INSTRUCTIONS FOR THE TASK:
In your copy, repeat each record exactly and include no pictures.

[Extracted data entries]
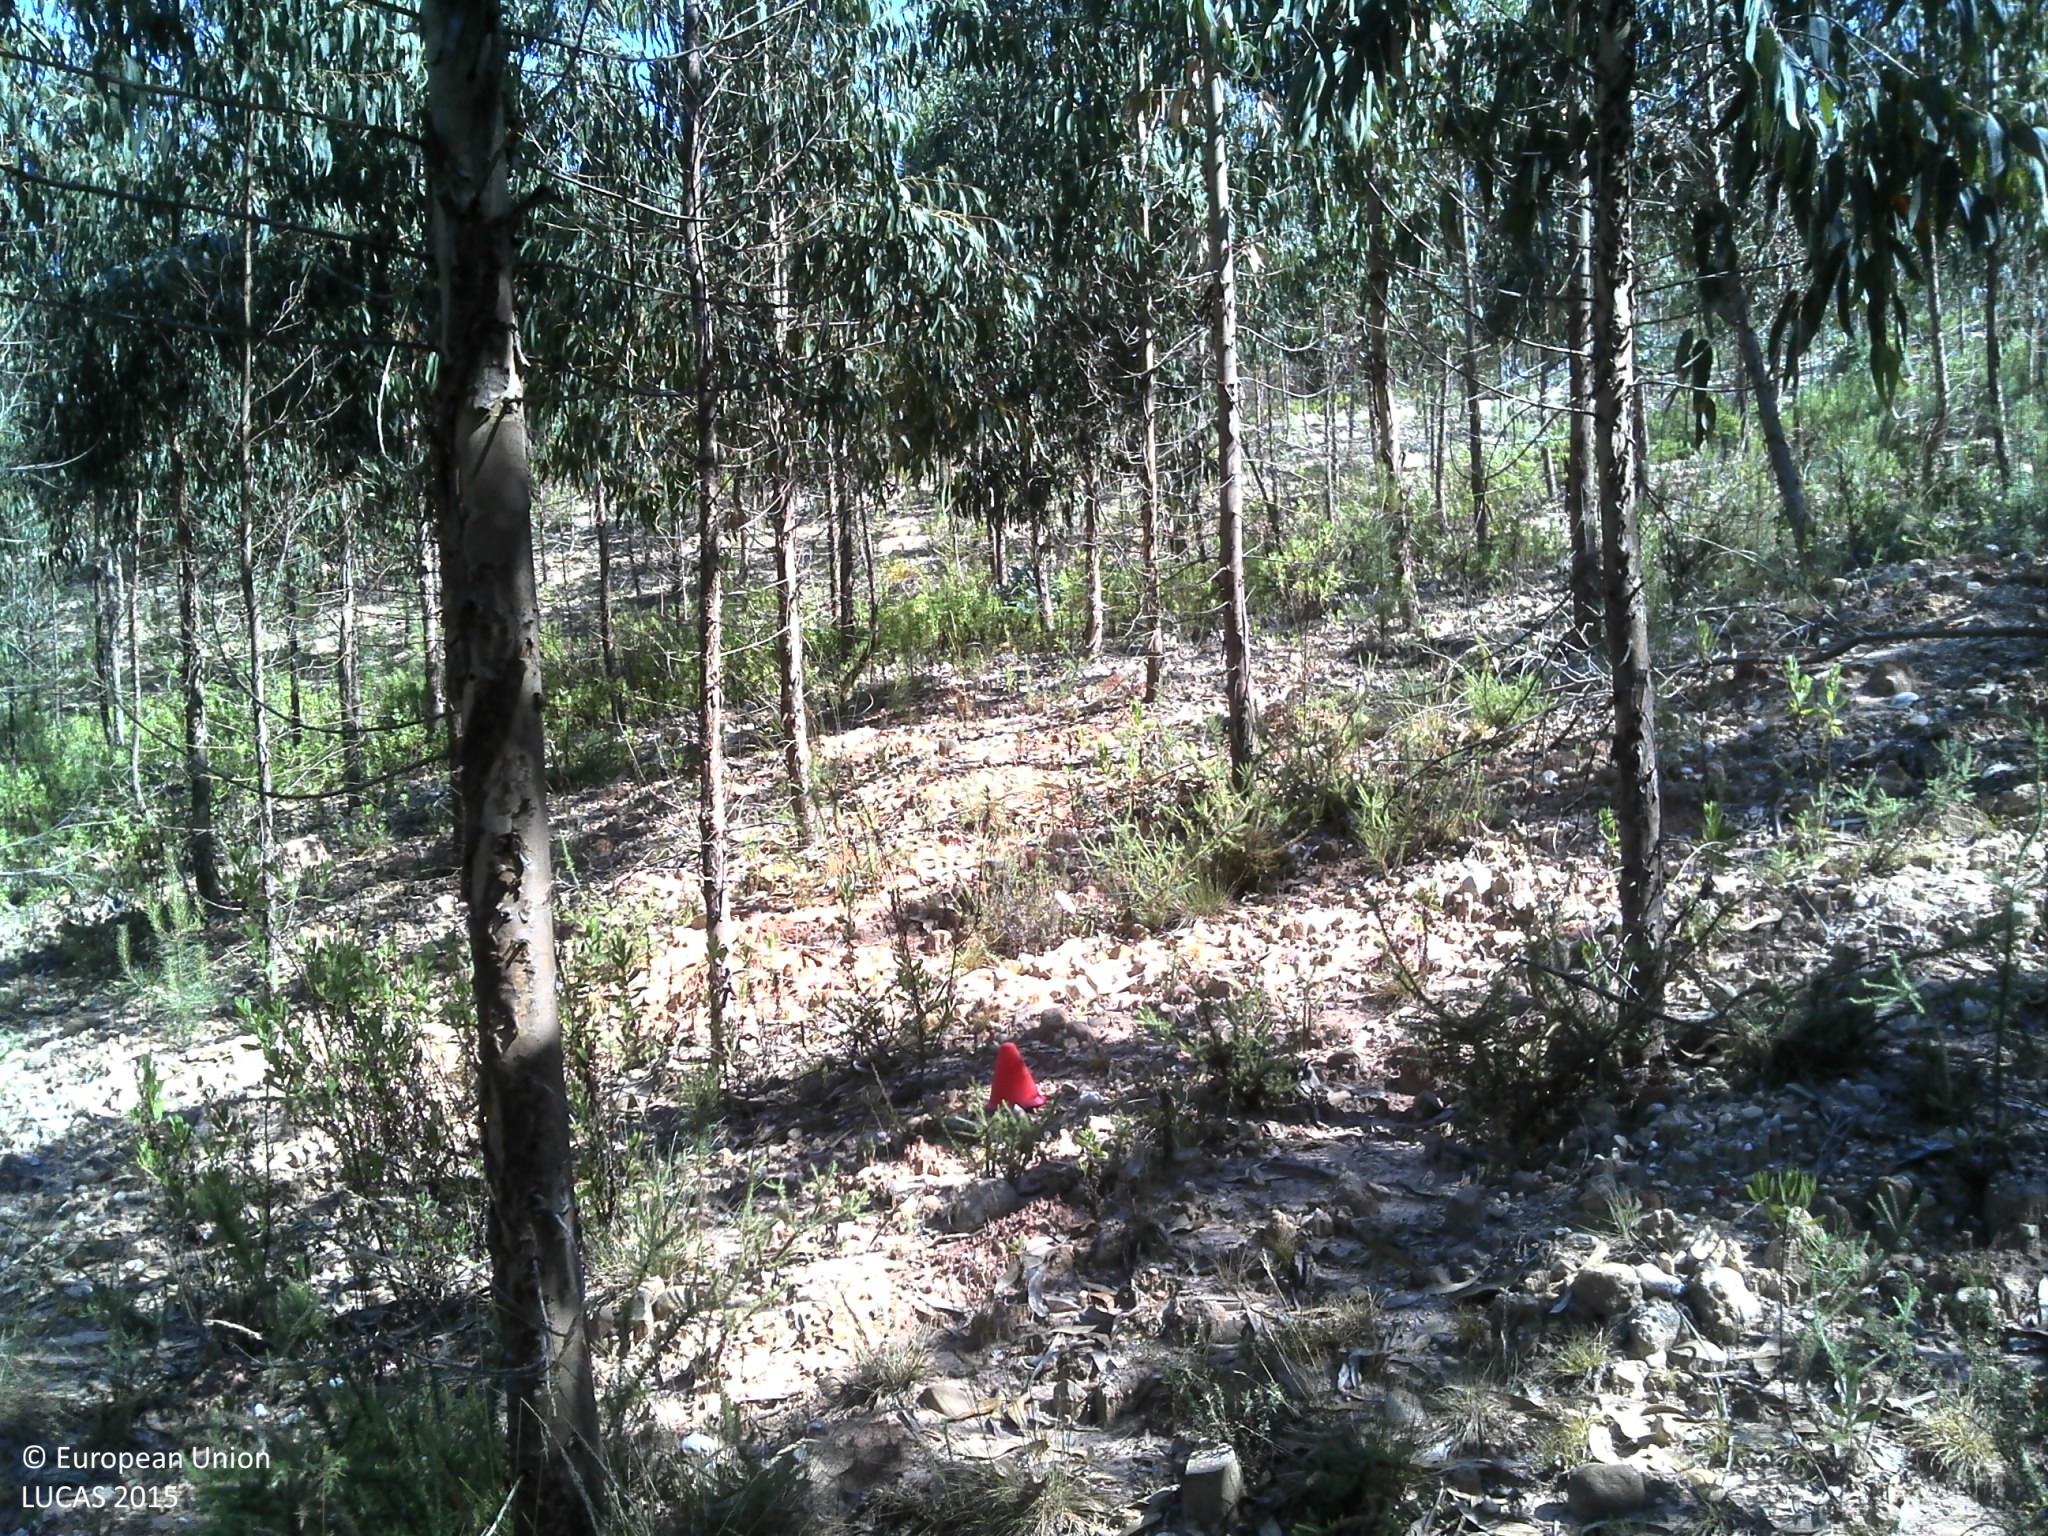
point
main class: Woodland
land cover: Broadleaved woodland
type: exotic forest
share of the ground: 50 - 75 %
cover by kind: broadleaved forest trees 60 %, unconsolidated bare surface 25 %, shrubs 15 %
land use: Forestry
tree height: > 5 m
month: June
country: PT
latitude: 39.6944
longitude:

TASK RESULT:
point
main class: Woodland
land cover: Broadleaved woodland
type: exotic forest
share of the ground: 50 - 75 %
cover by kind: broadleaved forest trees 60 %, unconsolidated bare surface 25 %, shrubs 15 %
land use: Forestry
tree height: > 5 m
month: June
country: PT
latitude: 39.6944
longitude:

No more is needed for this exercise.